Segment Start: Records for this task

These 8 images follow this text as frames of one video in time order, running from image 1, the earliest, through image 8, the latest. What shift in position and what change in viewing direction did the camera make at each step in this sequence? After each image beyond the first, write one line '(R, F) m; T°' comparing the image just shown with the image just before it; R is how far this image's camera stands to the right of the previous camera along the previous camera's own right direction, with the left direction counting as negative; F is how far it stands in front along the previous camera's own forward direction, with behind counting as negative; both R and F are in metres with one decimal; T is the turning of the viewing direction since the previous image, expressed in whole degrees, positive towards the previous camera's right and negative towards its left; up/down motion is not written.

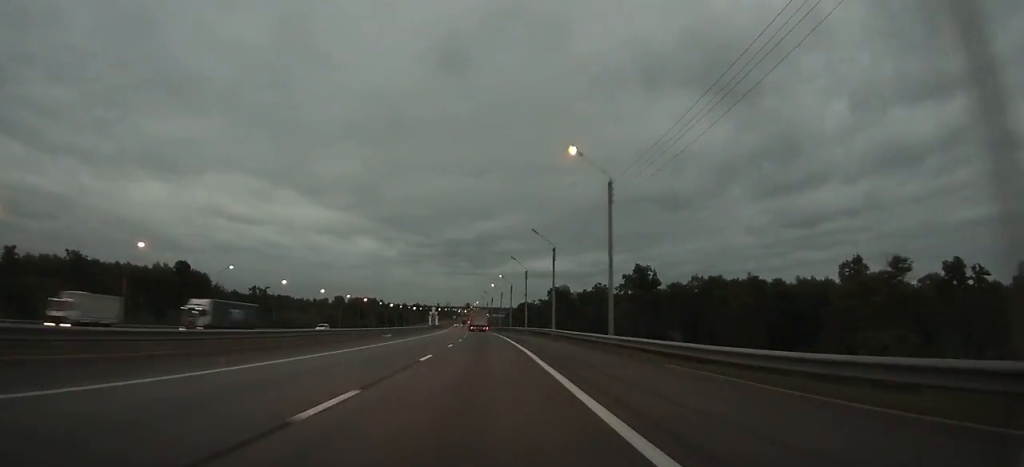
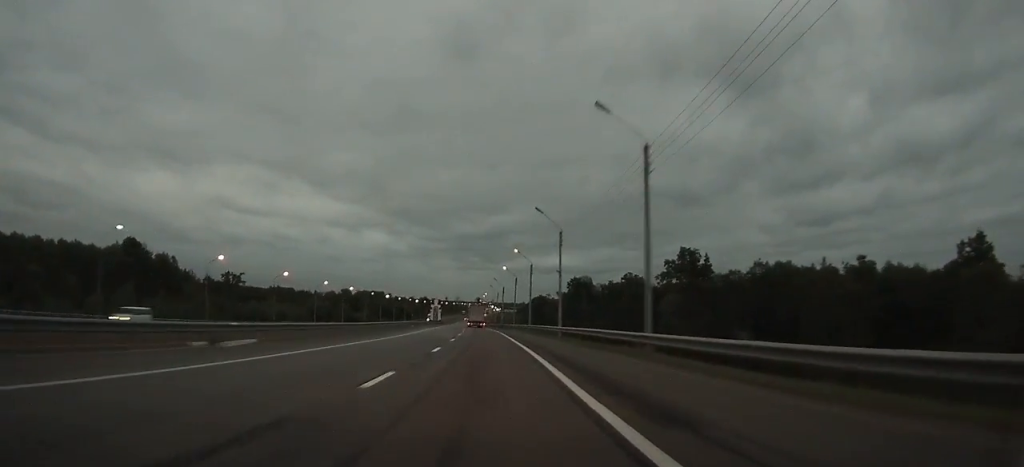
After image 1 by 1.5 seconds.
(0.0, +32.7) m; 0°
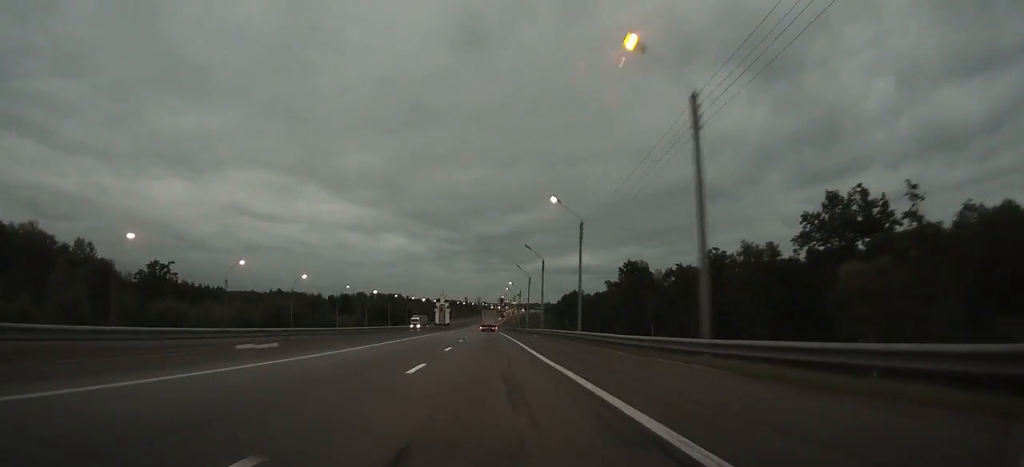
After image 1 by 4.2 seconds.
(-0.5, +56.7) m; -2°
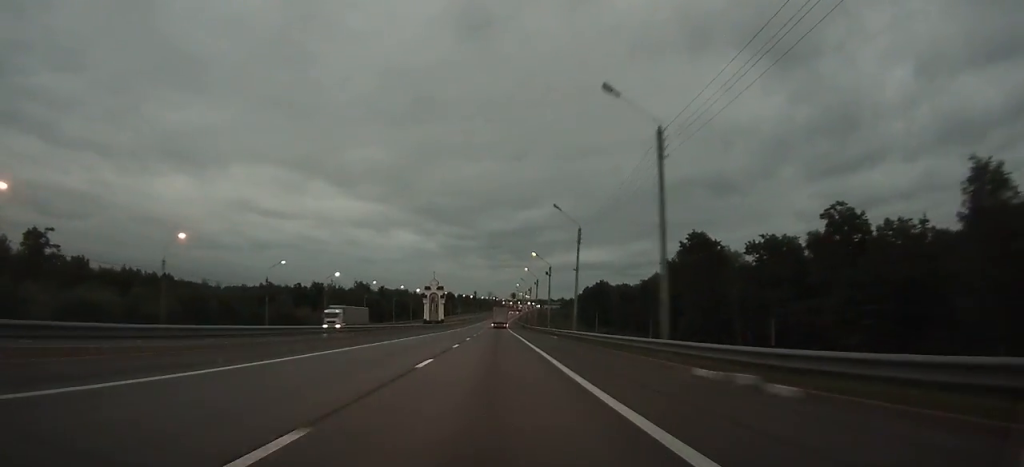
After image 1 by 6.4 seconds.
(-0.8, +46.6) m; -2°
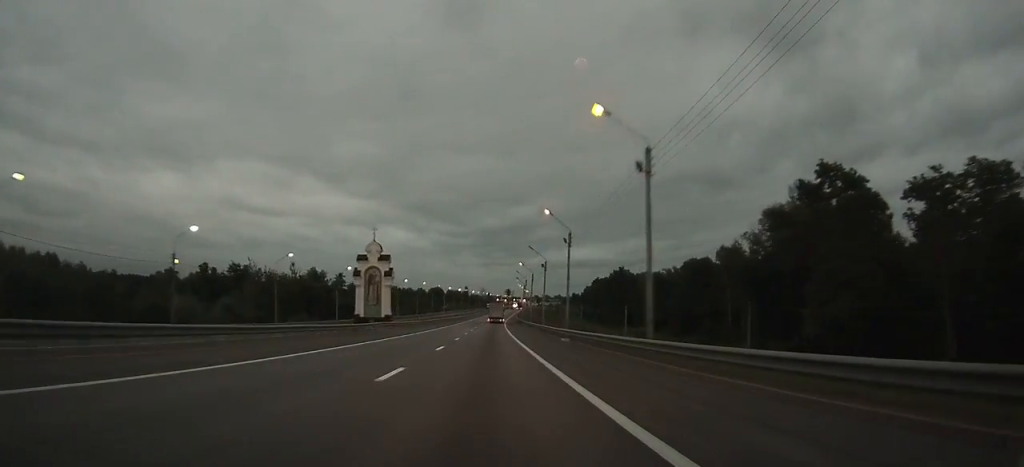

Segment End: Records for this task

#### Assignment
Every line above should be copied exactly, apart from any pictures.

#### Answer area
These 8 images follow this text as frames of one video in time order, running from image 1, the earliest, through image 8, the latest. What shift in position and what change in viewing direction did the camera make at each step in this sequence? After each image beyond the first, write one line '(R, F) m; T°' comparing the image just shown with the image just before it; R is how far this image's camera stands to the right of the previous camera along the previous camera's own right direction, with the left direction counting as negative; F is how far it stands in front along the previous camera's own forward direction, with behind counting as negative; both R and F are in metres with one decimal; T is the turning of the viewing direction since the previous image, expressed in whole degrees, positive towards the previous camera's right and negative towards its left; up/down motion is not written.

After image 1 by 1.5 seconds.
(0.0, +32.7) m; 0°
After image 1 by 4.2 seconds.
(-0.5, +56.7) m; -2°
After image 1 by 6.4 seconds.
(-0.8, +46.6) m; -2°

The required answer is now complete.